◆ **Exercise**: Search term "Character": copy each line of the records that contains it.

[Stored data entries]

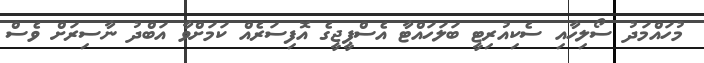
މުހައްމަދު ސޯލިހާއި ސެކިއުރިޓީ ބަލަހައްޓާ އެސްޕީޖީގެ އޮފިސަރެއް ކަމަށްވާ އަބްދު ނާސިރަށް ވެސް
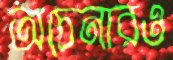
অচেনারও
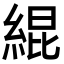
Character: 緄
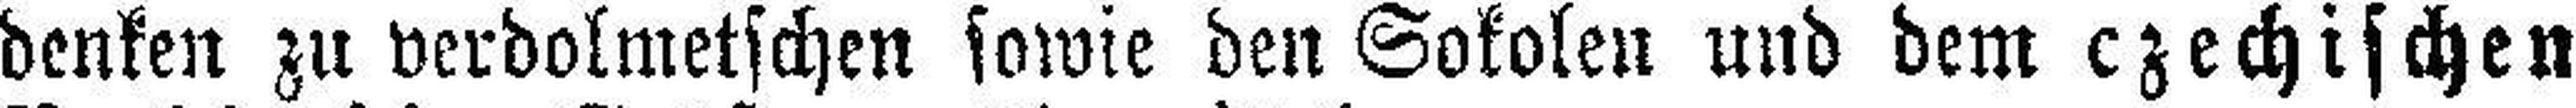
denken zu verdolmetschen sowie den Sokolen und dem czechischen
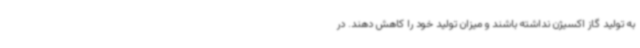
به تولید گاز اکسیژن نداشته باشند و میزان تولید خود را کاهش دهند. در
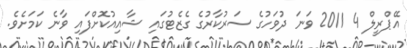
އޭޕްރީލް 4 2011 ވަނަ ދުވަހުގެ ސަރުކާރުގެ ގެޒެޓުގައި ޝާއިއުކޮށްފައި ވާނެ ކަމަށެވެ.
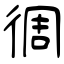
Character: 徟
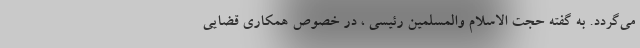
می‌گردد. به گفته حجت الاسلام والمسلمین رئیسی ، در خصوص همکاری قضایی
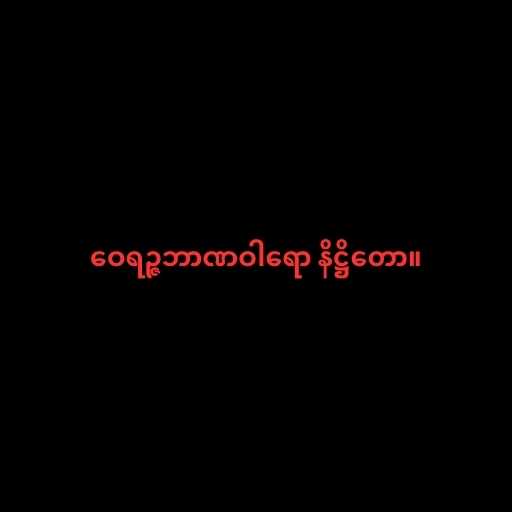
ဝေရဉ္ဇဘာဏဝါရော နိဋ္ဌိတော။
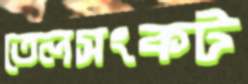
তেলসংকট
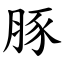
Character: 豚
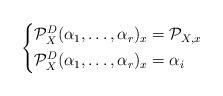
LaTeX: \begin{align*}\left \{ \begin{aligned} \mathcal P_X^D(\alpha_1, \dots, \alpha_r)_x &= \mathcal P_{X, x} & \\ \mathcal P_X^D(\alpha_1, \dots, \alpha_r)_x &= \alpha_i & \end{aligned} \right.\end{align*}
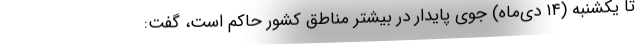
تا یکشنبه (۱۴ دی‌ماه) جوی پایدار در بیشتر مناطق کشور حاکم است، گفت:
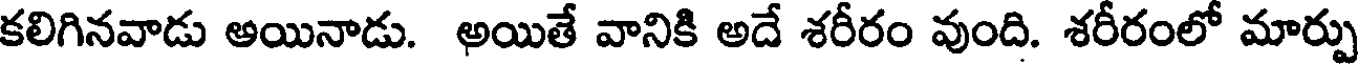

◆ **Task answer**:
Character: 緄
Character: 徟
Character: 豚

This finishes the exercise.